━━━━━ Data extract

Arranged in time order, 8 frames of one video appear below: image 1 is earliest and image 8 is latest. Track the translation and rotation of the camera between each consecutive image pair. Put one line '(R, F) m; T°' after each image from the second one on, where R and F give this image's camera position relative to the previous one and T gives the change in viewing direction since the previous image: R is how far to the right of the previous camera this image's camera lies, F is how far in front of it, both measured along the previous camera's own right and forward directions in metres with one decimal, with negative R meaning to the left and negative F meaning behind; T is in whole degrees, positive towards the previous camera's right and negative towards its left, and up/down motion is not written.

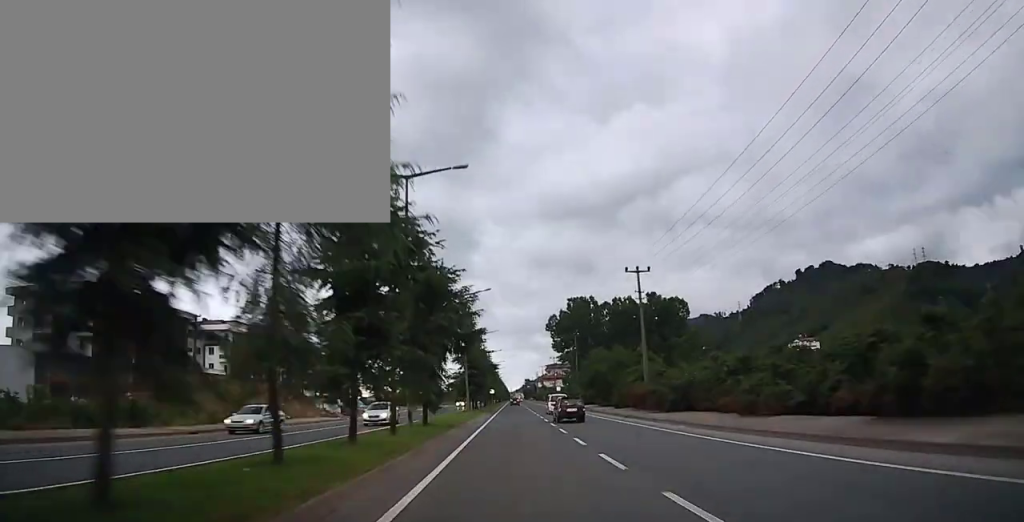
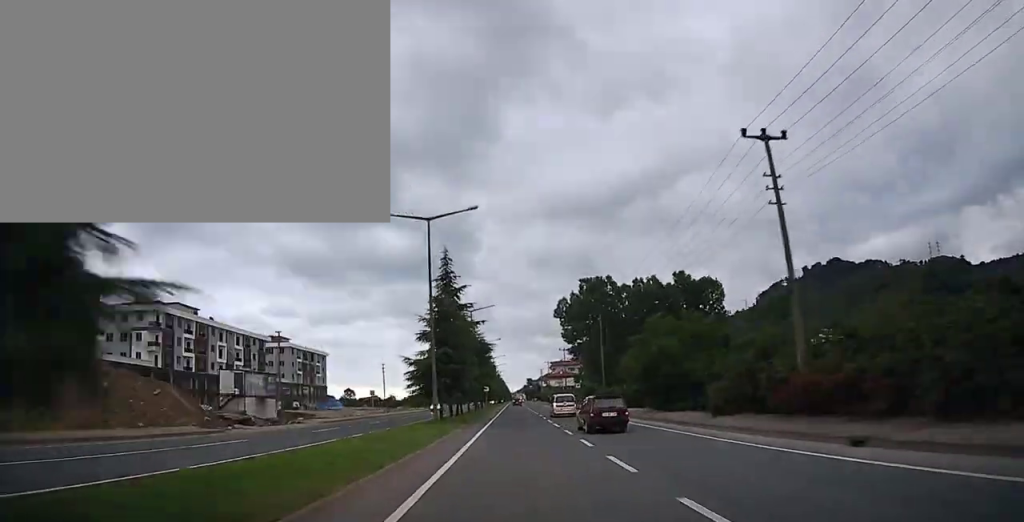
(0.0, +23.8) m; 0°
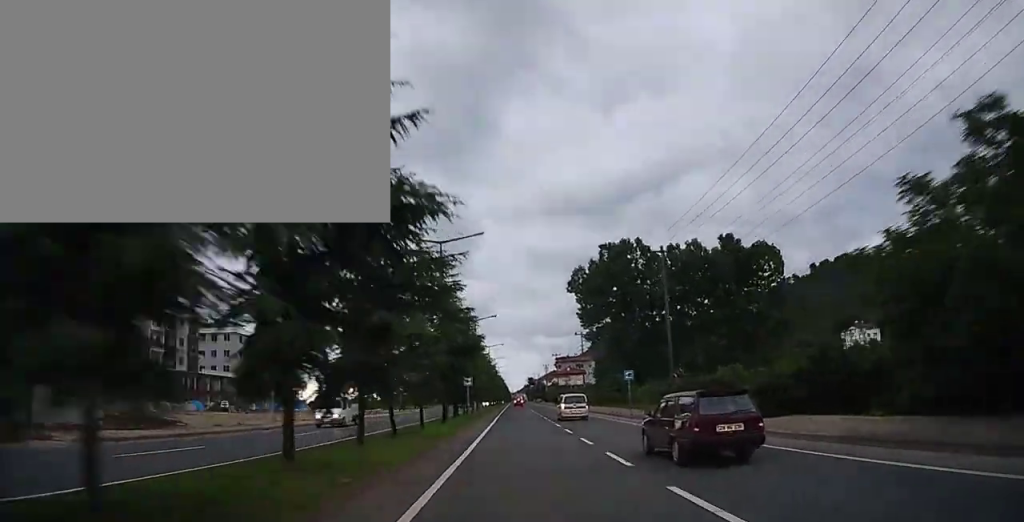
(-0.1, +28.8) m; 0°
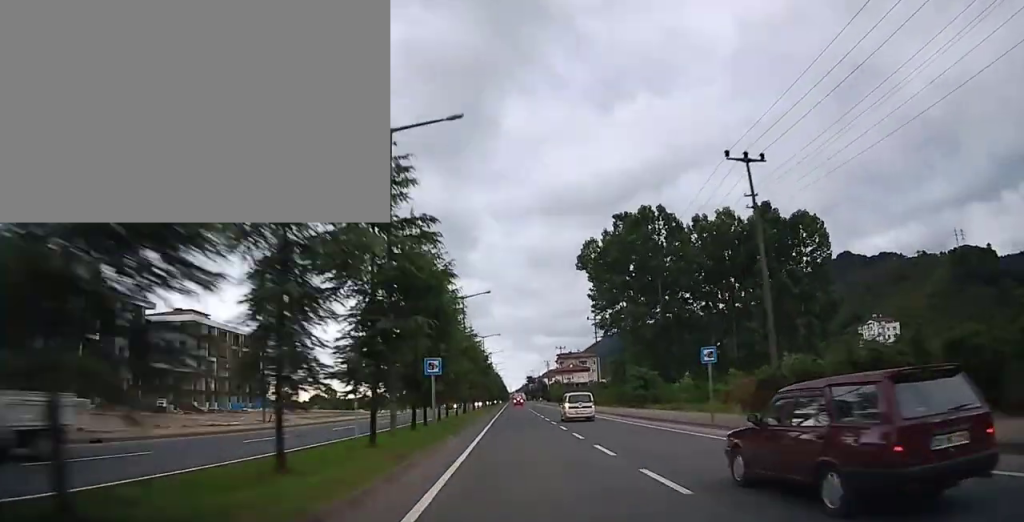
(+0.1, +15.4) m; 0°
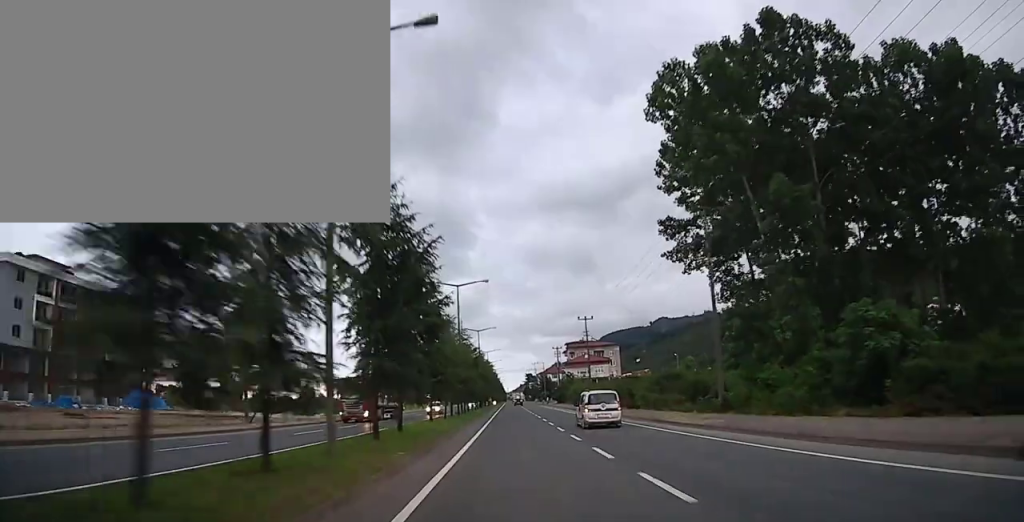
(+0.1, +41.4) m; 0°
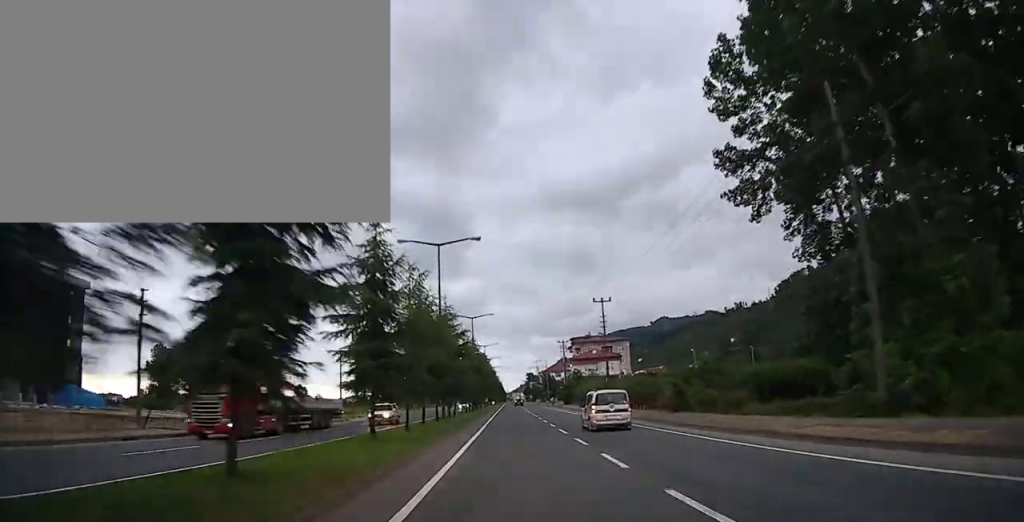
(0.0, +12.7) m; 0°
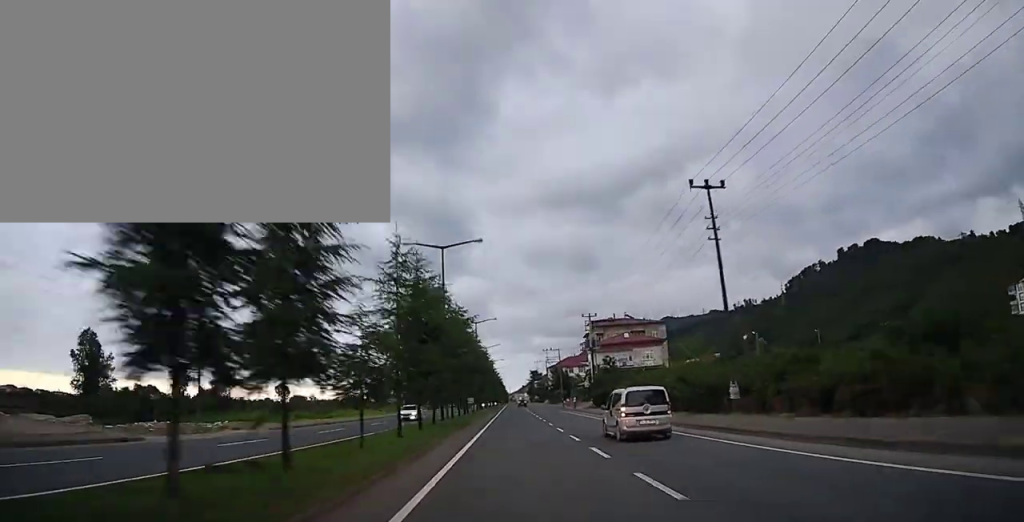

━━━━━━━━━━

- _What is required_:
Write out all the entries precisely as given, omitting each image.

- _Expected answer_:
Arranged in time order, 8 frames of one video appear below: image 1 is earliest and image 8 is latest. Track the translation and rotation of the camera between each consecutive image pair. Put one line '(R, F) m; T°' after each image from the second one on, where R and F give this image's camera position relative to the previous one and T gives the change in viewing direction since the previous image: R is how far to the right of the previous camera this image's camera lies, F is how far in front of it, both measured along the previous camera's own right and forward directions in metres with one decimal, with negative R meaning to the left and negative F meaning behind; T is in whole degrees, positive towards the previous camera's right and negative towards its left, and up/down motion is not written.

(0.0, +23.8) m; 0°
(-0.1, +28.8) m; 0°
(+0.1, +15.4) m; 0°
(+0.1, +41.4) m; 0°
(0.0, +12.7) m; 0°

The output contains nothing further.